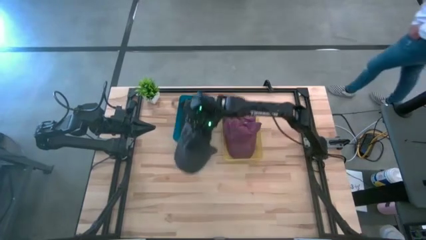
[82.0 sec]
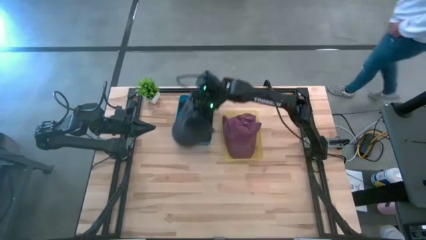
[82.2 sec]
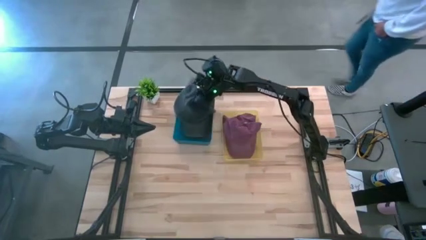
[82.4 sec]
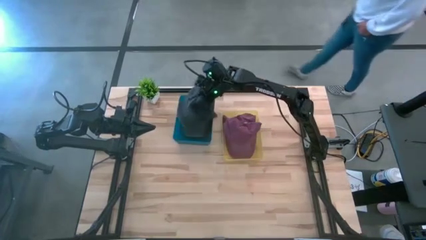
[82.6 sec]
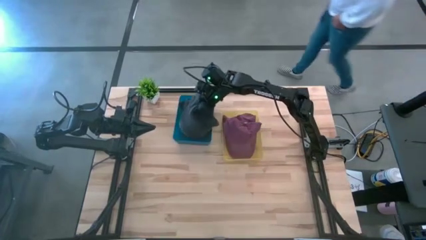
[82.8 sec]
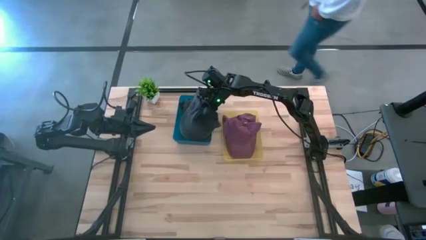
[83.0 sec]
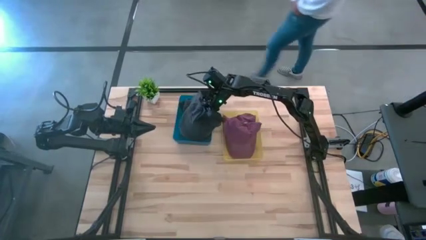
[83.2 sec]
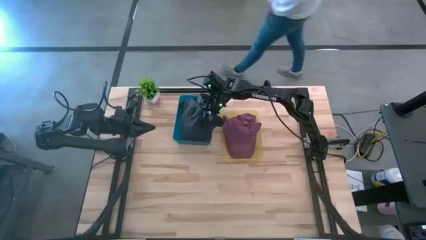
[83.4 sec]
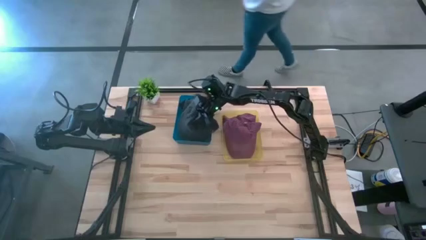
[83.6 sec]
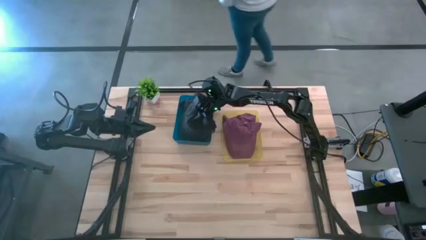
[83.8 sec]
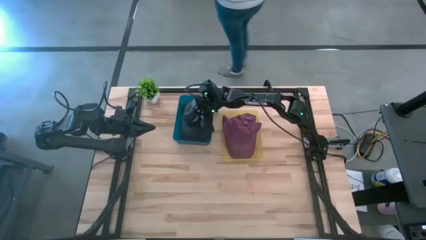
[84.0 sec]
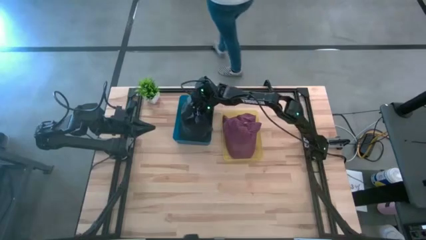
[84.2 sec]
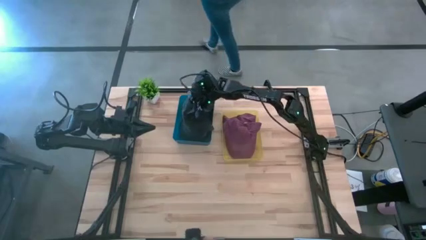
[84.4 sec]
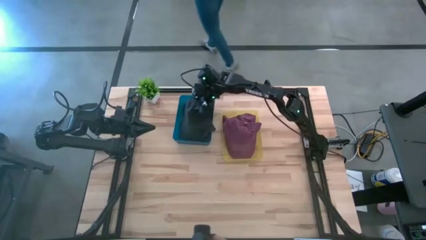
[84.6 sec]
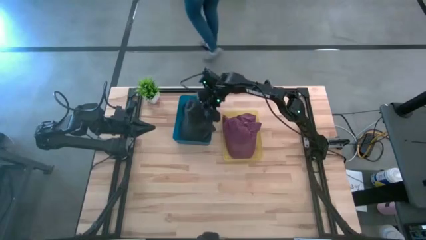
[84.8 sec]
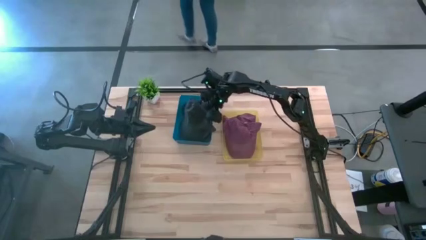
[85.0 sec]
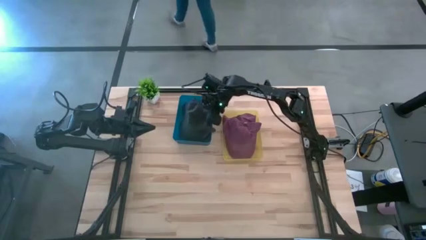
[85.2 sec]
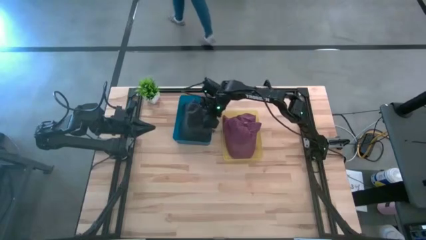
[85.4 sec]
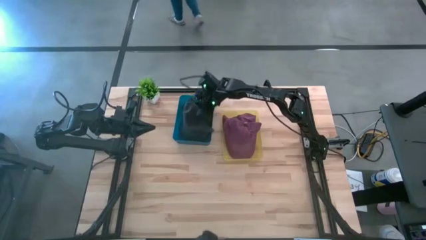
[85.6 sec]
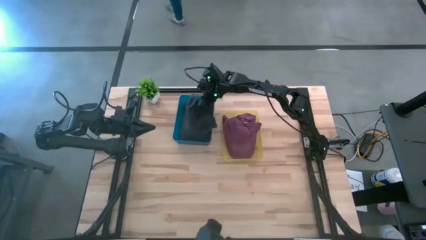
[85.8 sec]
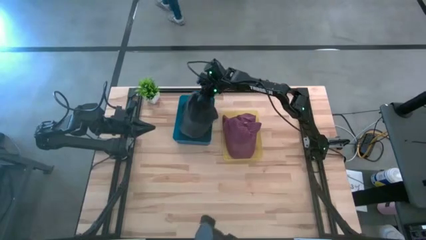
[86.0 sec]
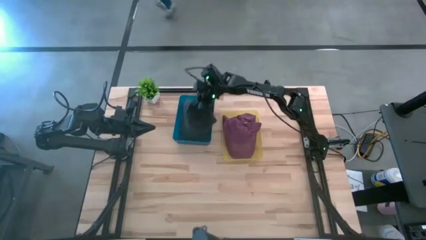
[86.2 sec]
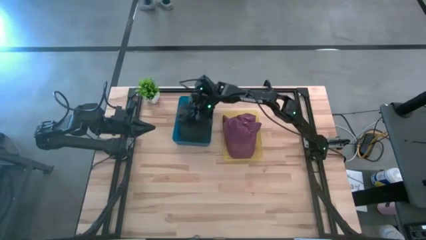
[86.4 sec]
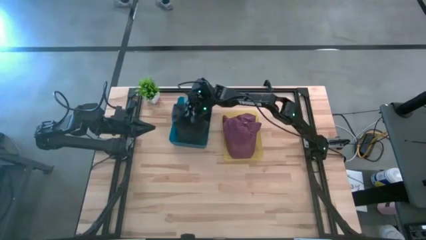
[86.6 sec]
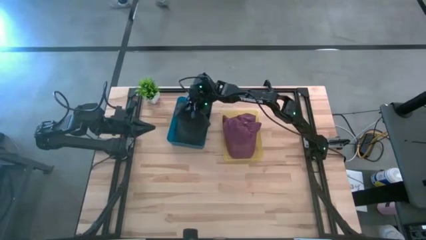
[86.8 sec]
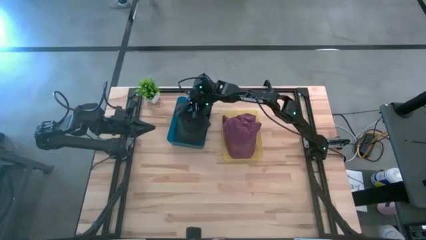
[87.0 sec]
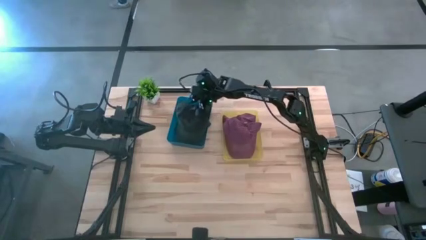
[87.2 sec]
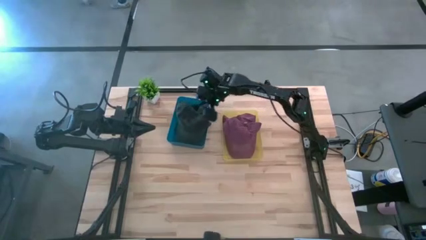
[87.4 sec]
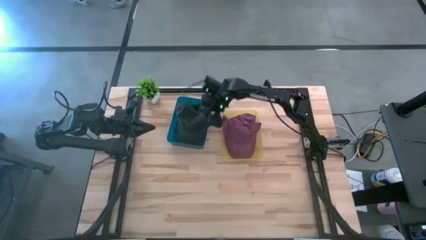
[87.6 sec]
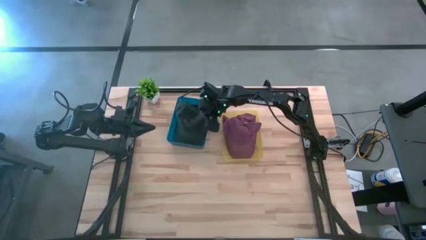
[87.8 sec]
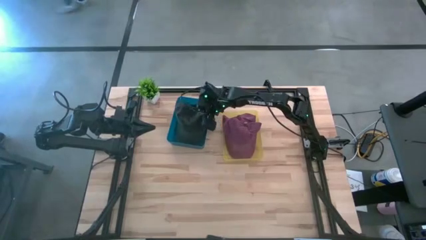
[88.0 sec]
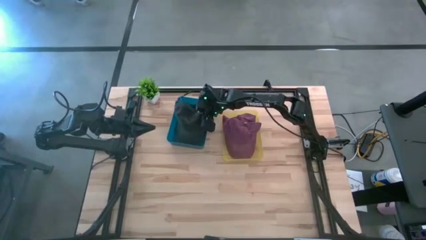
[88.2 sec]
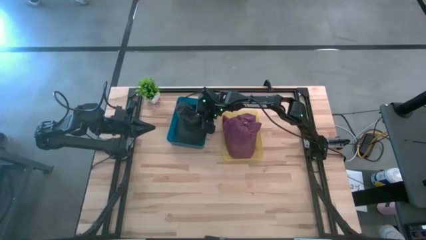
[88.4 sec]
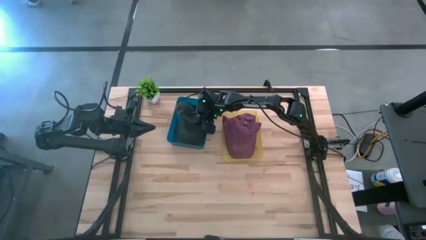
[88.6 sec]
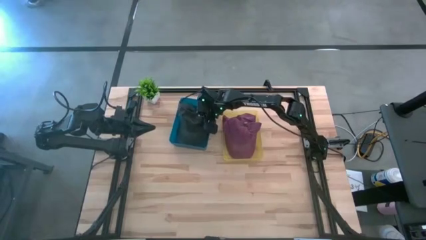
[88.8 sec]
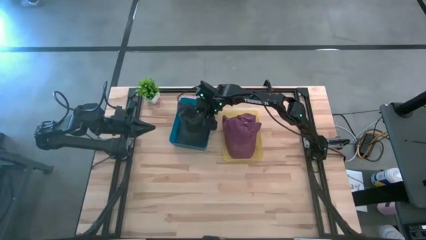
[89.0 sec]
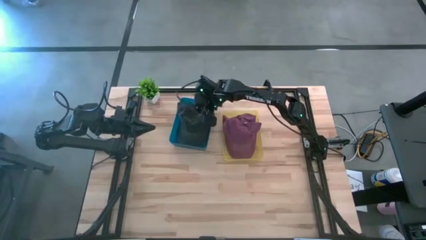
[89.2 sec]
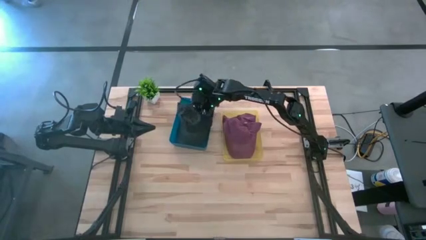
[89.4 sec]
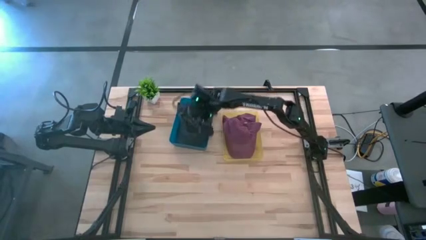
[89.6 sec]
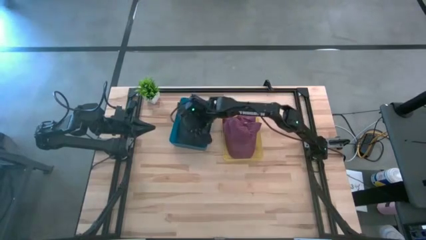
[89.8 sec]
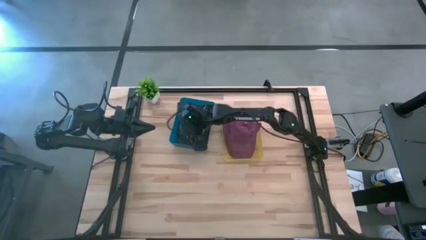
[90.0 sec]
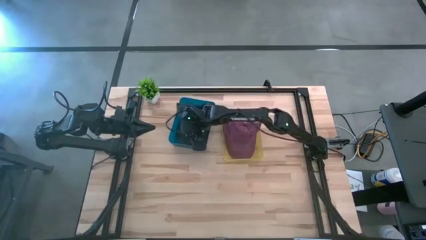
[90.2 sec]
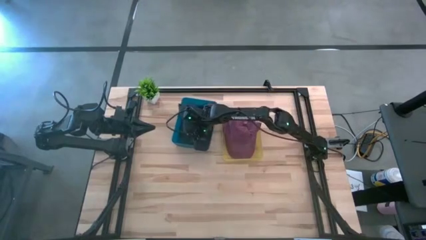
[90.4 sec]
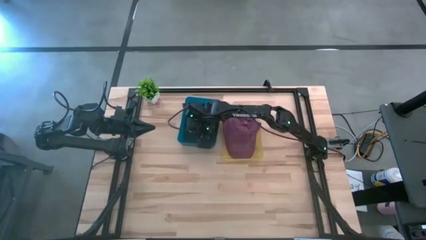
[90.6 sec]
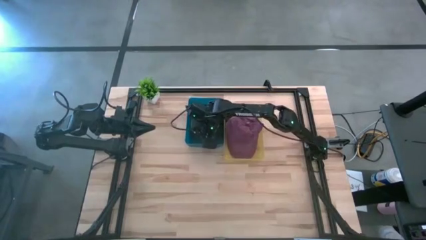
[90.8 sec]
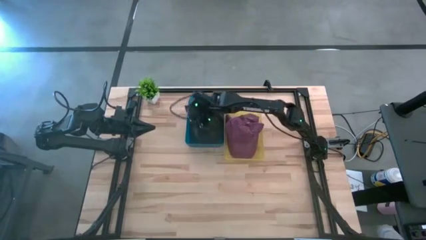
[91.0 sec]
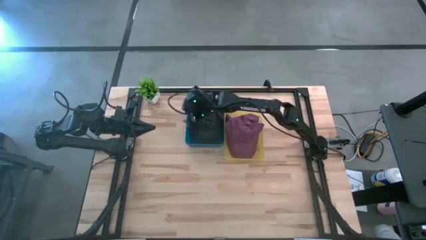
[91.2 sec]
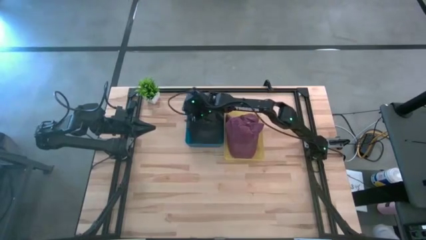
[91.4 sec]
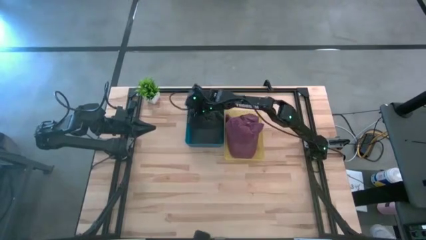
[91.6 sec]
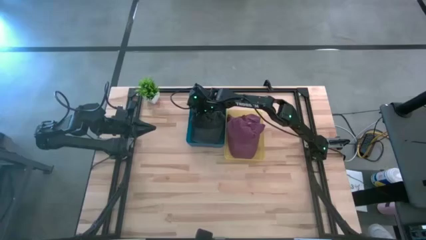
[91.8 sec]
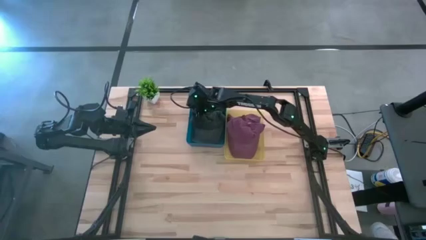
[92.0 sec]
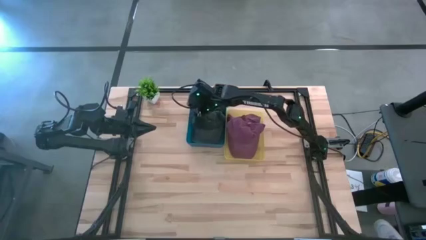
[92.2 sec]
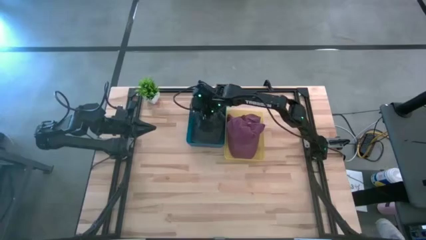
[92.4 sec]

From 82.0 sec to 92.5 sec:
Task: Pick & Place hat
Put the black cap into the blue bin

###

Leaving the pictures out, reproduce the entries above exactly.

ANSWER SPACE:
[82.0 sec]
[82.2 sec]
[82.4 sec]
[82.6 sec]
[82.8 sec]
[83.0 sec]
[83.2 sec]
[83.4 sec]
[83.6 sec]
[83.8 sec]
[84.0 sec]
[84.2 sec]
[84.4 sec]
[84.6 sec]
[84.8 sec]
[85.0 sec]
[85.2 sec]
[85.4 sec]
[85.6 sec]
[85.8 sec]
[86.0 sec]
[86.2 sec]
[86.4 sec]
[86.6 sec]
[86.8 sec]
[87.0 sec]
[87.2 sec]
[87.4 sec]
[87.6 sec]
[87.8 sec]
[88.0 sec]
[88.2 sec]
[88.4 sec]
[88.6 sec]
[88.8 sec]
[89.0 sec]
[89.2 sec]
[89.4 sec]
[89.6 sec]
[89.8 sec]
[90.0 sec]
[90.2 sec]
[90.4 sec]
[90.6 sec]
[90.8 sec]
[91.0 sec]
[91.2 sec]
[91.4 sec]
[91.6 sec]
[91.8 sec]
[92.0 sec]
[92.2 sec]
[92.4 sec]

From 82.0 sec to 92.5 sec:
Task: Pick & Place hat
Put the black cap into the blue bin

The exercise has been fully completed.